The exception is principles every Score must honor (which may
force a required method) — but only after the principle has
been validated in practice via the companion-first iteration.
### CLI
8. **CLI: hybrid, staged.** Today (B): first-party tools ship as
separate `harmony-*` binaries built on the existing
`harmony_cli` crate. Improve that surface. Tomorrow (C): a
top-level `harmony` binary discovers `harmony-*` plugin
binaries on `$PATH` (`kubectl`-style) so a third-party
`MyAppScore` author gets `harmony deploy my-app` for free. The
plugin protocol is **not** in scope for any current PR; it's
a dedicated future effort.
### Error handling
9. **thiserror almost everywhere; anyhow only at binary glue.**
Library code, public crate boundaries, anything callers might
want to match on — typed errors via `thiserror`. `anyhow` is
reserved for `main.rs`-level glue where the error is just
printed. This was the second drift this PR uncovered.

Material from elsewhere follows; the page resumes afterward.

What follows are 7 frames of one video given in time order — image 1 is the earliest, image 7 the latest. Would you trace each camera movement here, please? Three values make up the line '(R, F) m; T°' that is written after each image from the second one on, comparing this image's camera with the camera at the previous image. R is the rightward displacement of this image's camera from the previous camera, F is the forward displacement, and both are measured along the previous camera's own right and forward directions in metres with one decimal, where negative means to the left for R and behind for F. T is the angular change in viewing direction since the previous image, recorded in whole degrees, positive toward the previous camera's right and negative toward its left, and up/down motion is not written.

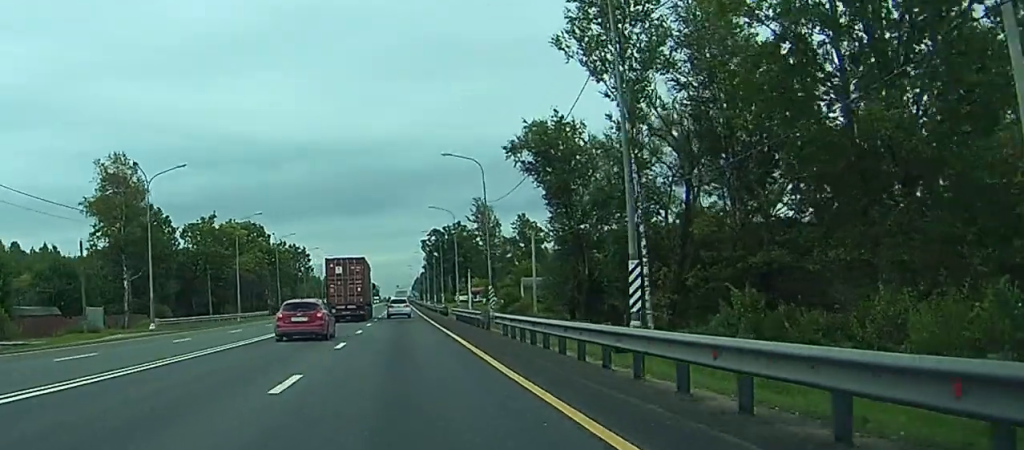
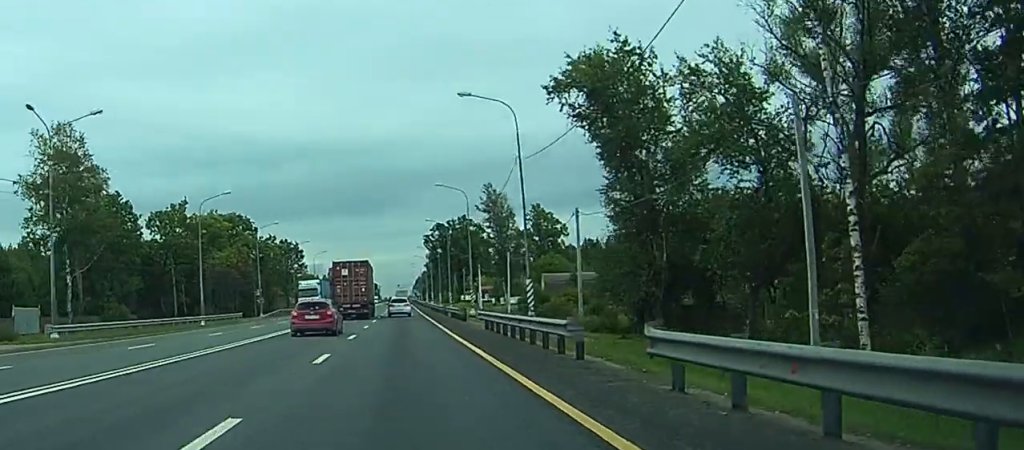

## Out of scope (deferred, not rejected)
- **Score derive macro / deployment DSL.** Strategic intent from
day one; the framework's value-add concentrates here. Separate
design effort.
- **Score registry** (Crichton-style:
<https://willcrichton.net/rust-api-type-patterns/registries.html>).
Real itch — examples and Scores are hard to discover today.
Research + ADR first.
- **Inventory as capability-defined physical assets.** Inventory
is massively under-engineered today; the original idea is to
represent physical infrastructure (building → cable → switch
port → MAC) but most use cases ignore it. Decomposing inventory
into a capability set is a deep redesign.

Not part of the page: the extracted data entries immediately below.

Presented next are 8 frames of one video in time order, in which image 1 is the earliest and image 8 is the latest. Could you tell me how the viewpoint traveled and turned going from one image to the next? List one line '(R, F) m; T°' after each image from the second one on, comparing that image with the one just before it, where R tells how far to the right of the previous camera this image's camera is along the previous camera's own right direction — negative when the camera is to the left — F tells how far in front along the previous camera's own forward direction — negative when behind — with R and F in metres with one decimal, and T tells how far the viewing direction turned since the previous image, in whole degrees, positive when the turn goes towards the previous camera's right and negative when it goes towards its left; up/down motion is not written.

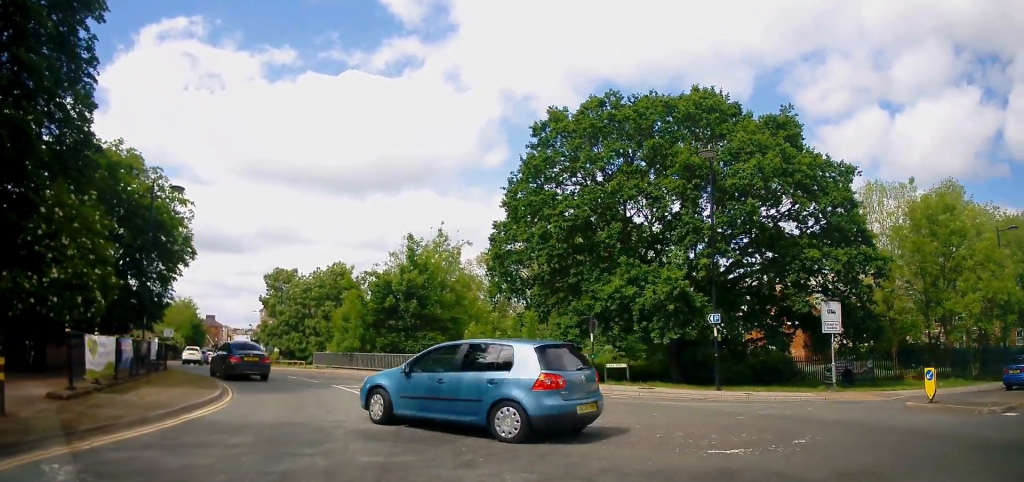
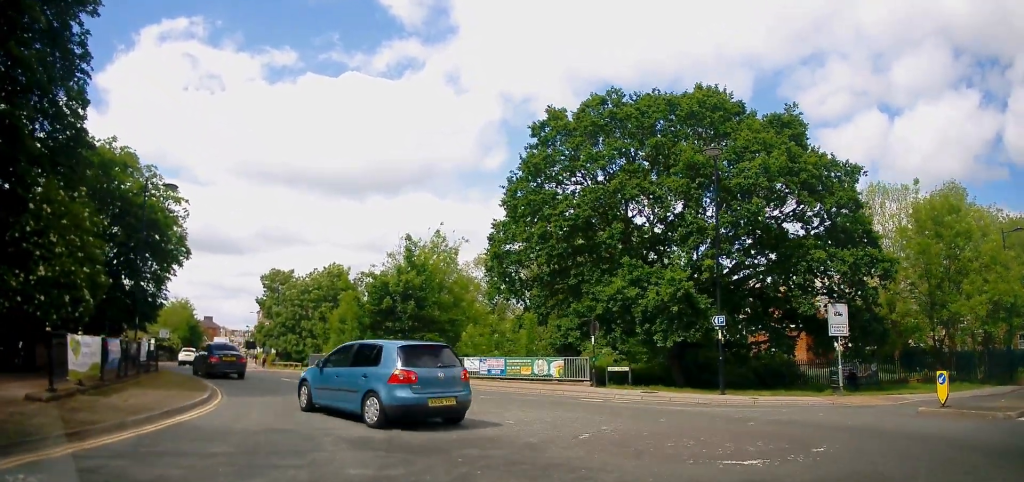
(+0.1, +0.8) m; -1°
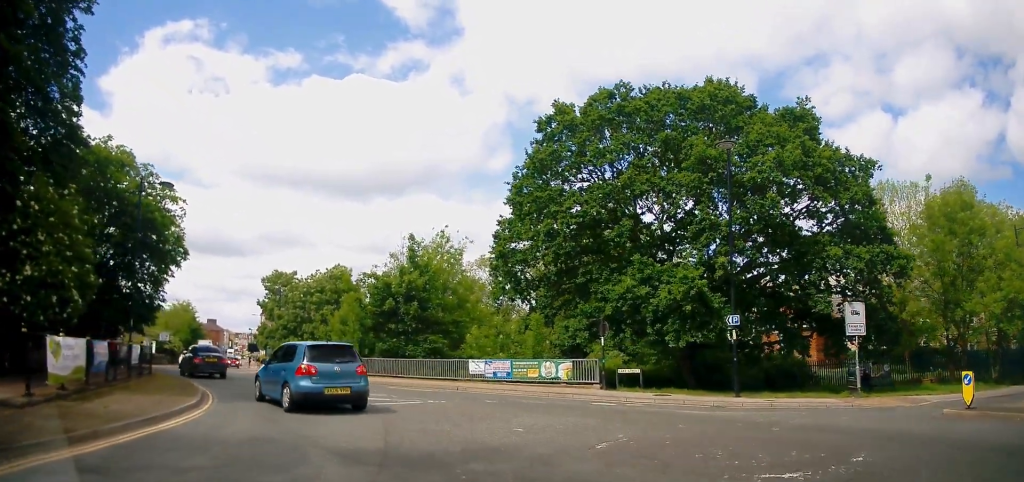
(-0.1, +1.0) m; -2°
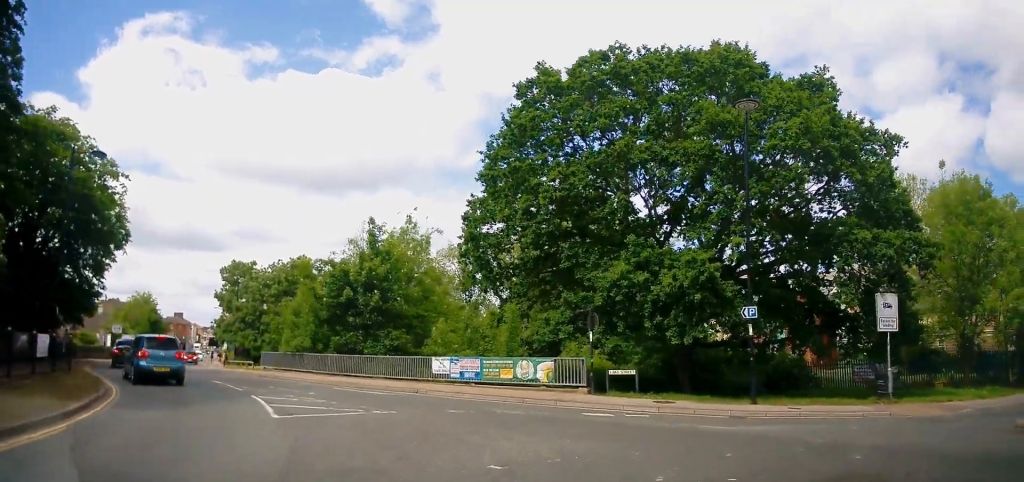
(0.0, +3.3) m; +12°
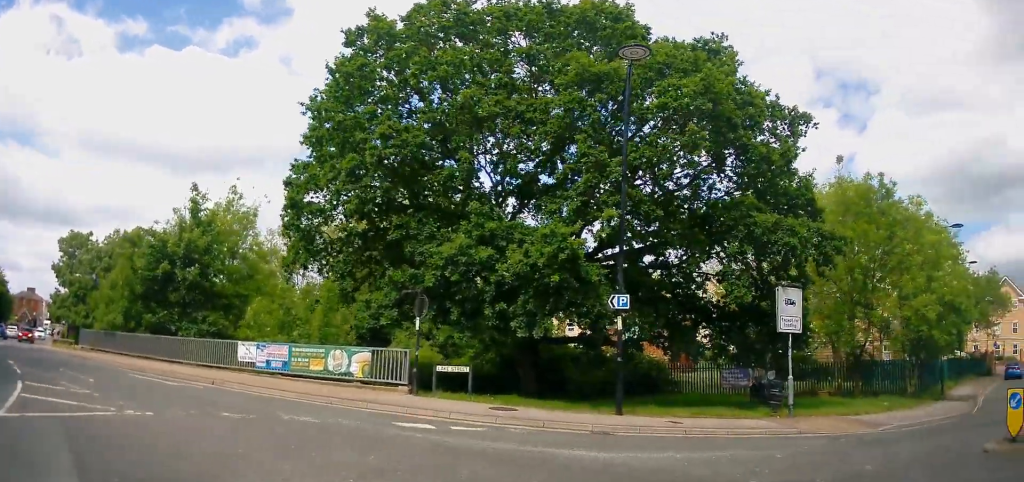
(+0.5, +3.1) m; +18°
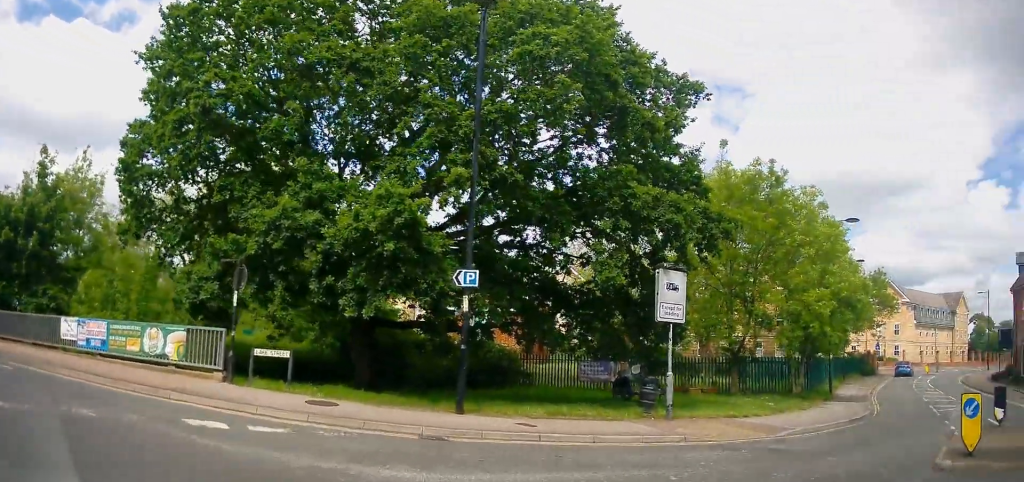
(+0.3, +2.1) m; +13°
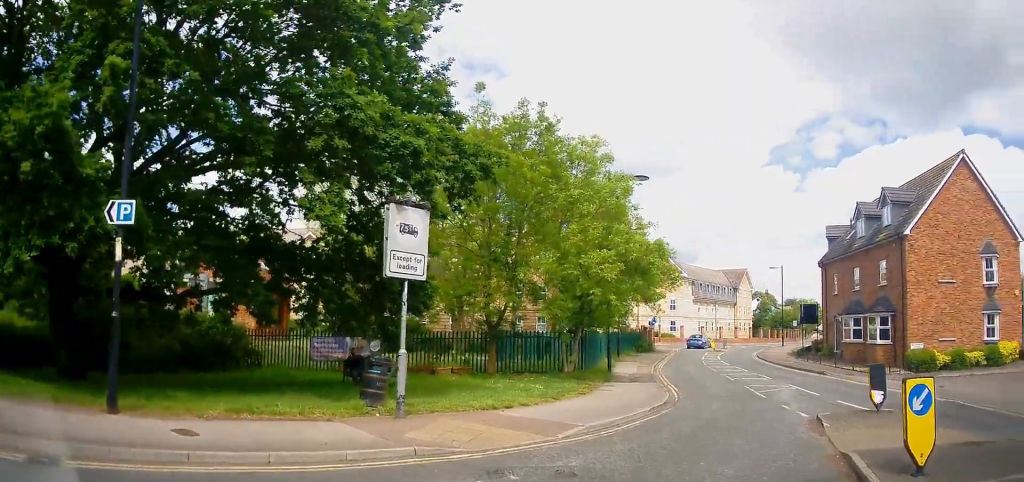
(+0.7, +3.8) m; +21°
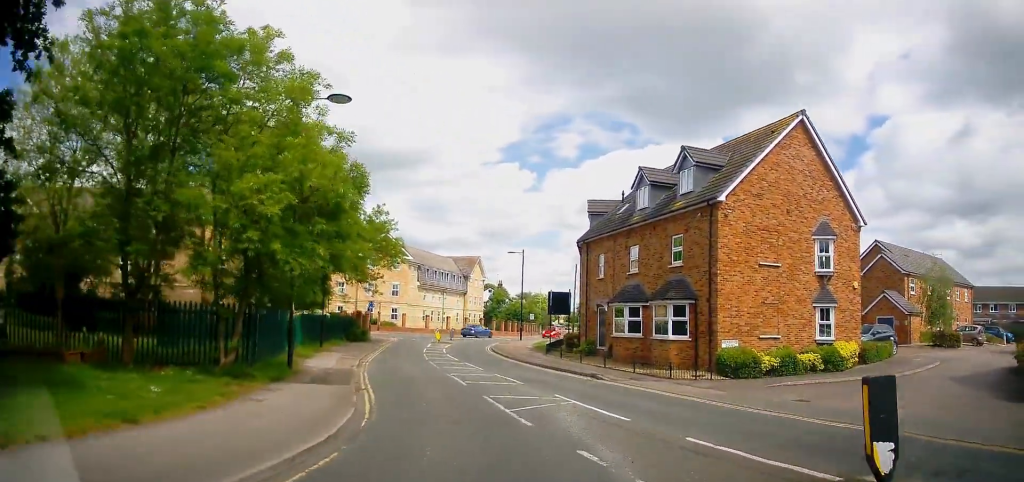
(+1.6, +7.3) m; +20°

- **Plug-in CLI discovery layer (C above).** Roadmap item;
explicitly named as the fix for the "too many disconnected
CLIs" cohesion problem.
- **`Application features` ↔ `capabilities` relationship.**
In-progress concept the project lead is personally unsure
about. Don't try to resolve in this ADR.
- **Concrete smoke-test contract shape.** See principle 4 —
principle locked, implementation deferred. Today's e2e test
suite plays the role of the smoke test until the trait/struct
shape is decided.
## Consequences
- The current `harmony-fleet-e2e/src/stack.rs` (introduced in this
PR) is **wrong** and gets rewritten as a Score composer with no
inline k8s manifests.
- `harmony::modules::fleet::operator::*` and any other fleet-deploy
modules in `harmony` core move into `fleet/harmony-fleet-deploy`.

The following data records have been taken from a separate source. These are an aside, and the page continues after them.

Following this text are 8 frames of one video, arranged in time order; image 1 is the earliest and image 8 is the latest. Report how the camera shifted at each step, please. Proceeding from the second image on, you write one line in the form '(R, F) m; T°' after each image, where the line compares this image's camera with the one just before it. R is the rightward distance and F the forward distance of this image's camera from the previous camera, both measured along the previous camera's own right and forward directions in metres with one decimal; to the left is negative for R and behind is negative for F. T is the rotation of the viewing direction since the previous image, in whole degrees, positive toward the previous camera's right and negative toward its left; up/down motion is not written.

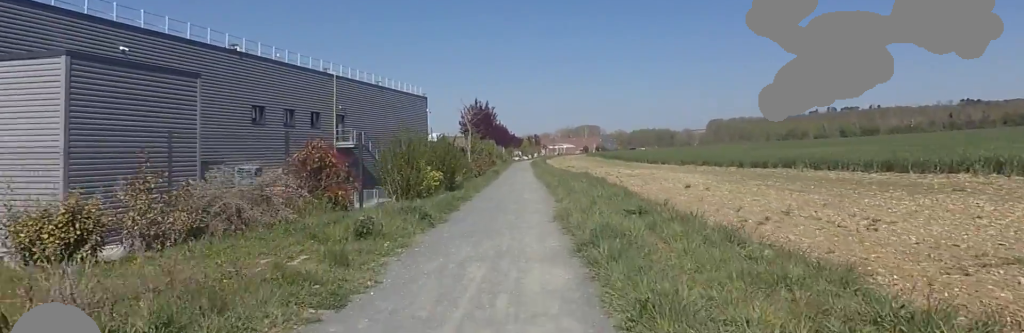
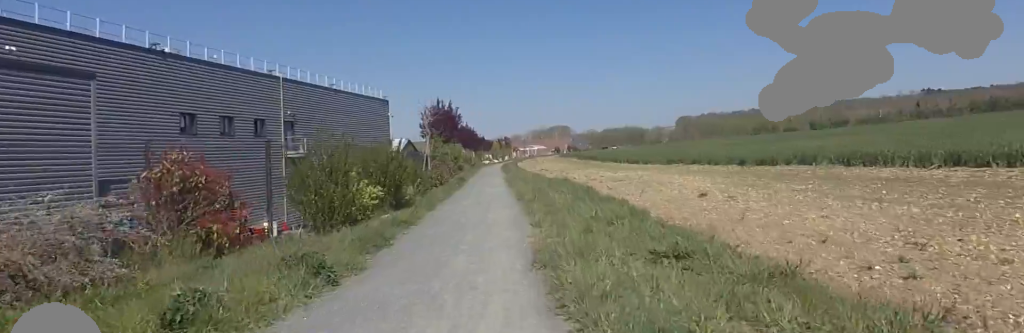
(-0.2, +3.7) m; 0°
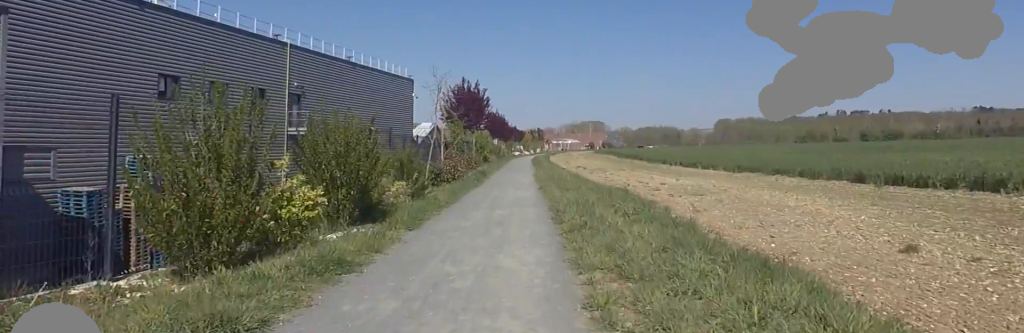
(+0.4, +5.4) m; 0°
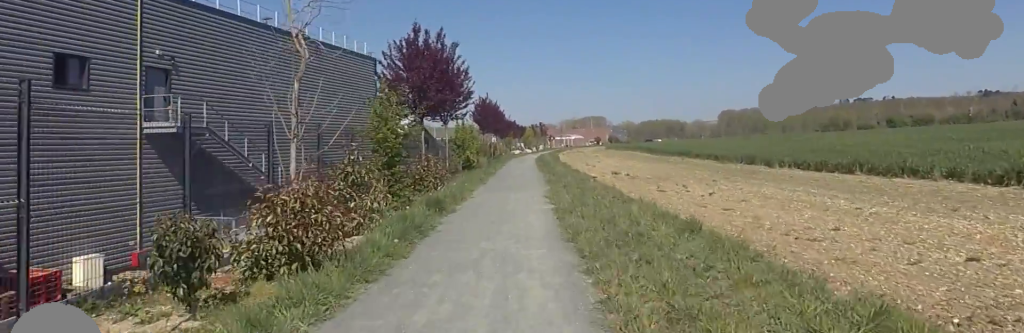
(-0.7, +14.0) m; +2°
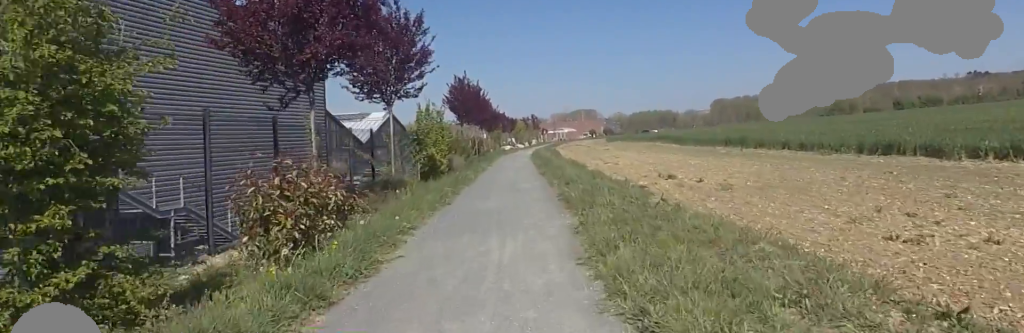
(+0.5, +9.3) m; -1°
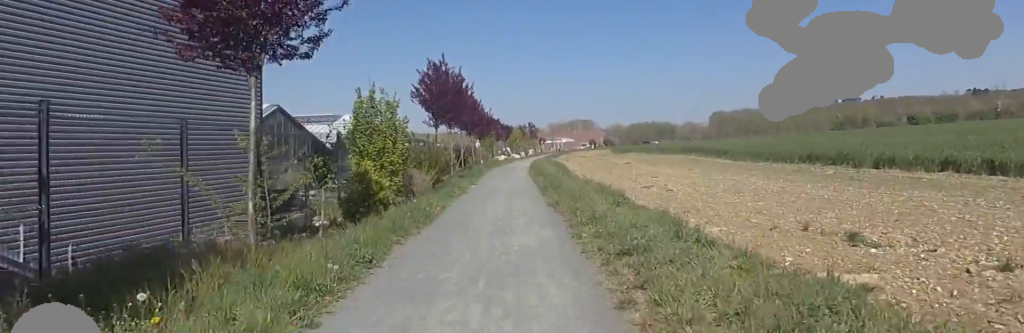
(-0.4, +7.5) m; 0°
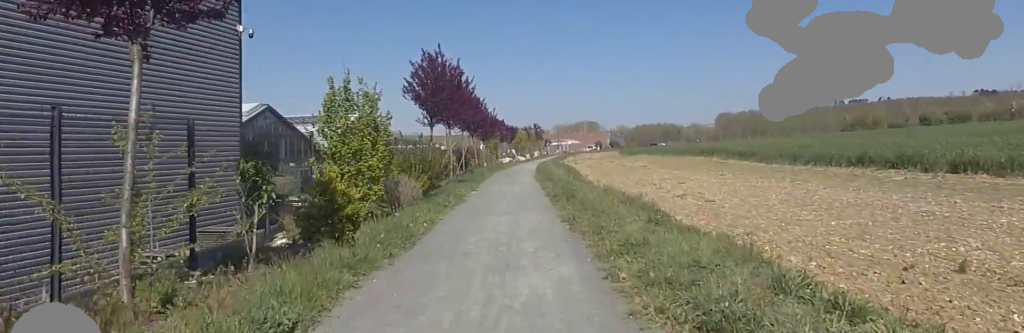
(+0.2, +2.5) m; 0°
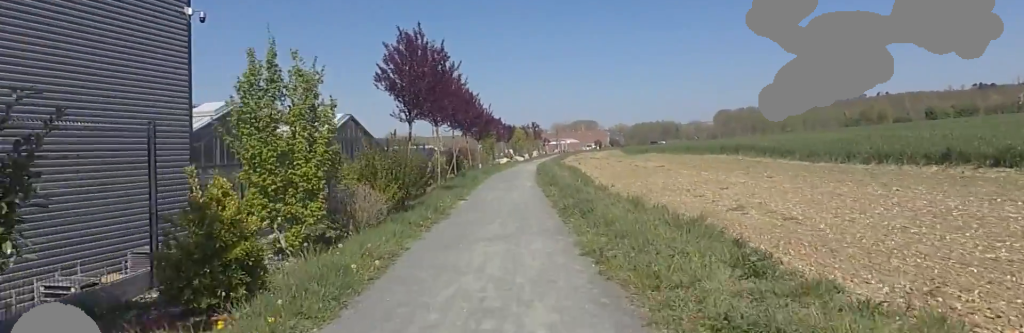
(+0.2, +3.3) m; 0°

Callers (`examples/fleet_e2e_demo`, the operator binary itself)
get updated paths.
- New Scores (`FleetAgentScore`, `FleetNatsScore`) land in
`fleet/harmony-fleet-deploy`. The agent crate gains nothing —
it stays a lean runtime binary.
- The deploy crate gets its own `main.rs` driven by `harmony_cli`,
exposing one subcommand per component plus an `all` composite.
- Future work (smoke-test contract, Score derive macro, registry,
CLI discovery) gets dedicated ADRs/PRs and does **not** sneak
into unrelated work.
## References
- `CLAUDE.md` — Score-Topology-Interpret pattern, capability
design rules.
- `docs/adr/002-hexagonal-architecture.md` — domain/adapter split
this builds on.
- `docs/adr/005-rust-dsl-over-yaml.md` — the original "no
YAML-mud-pit" call.
- `harmony_agent/deploy` — existing `*-deploy` crate pattern.
- `fleet/PLAN_requests_over_nats.md` — the working plan for the
request/reply work this ADR landed during.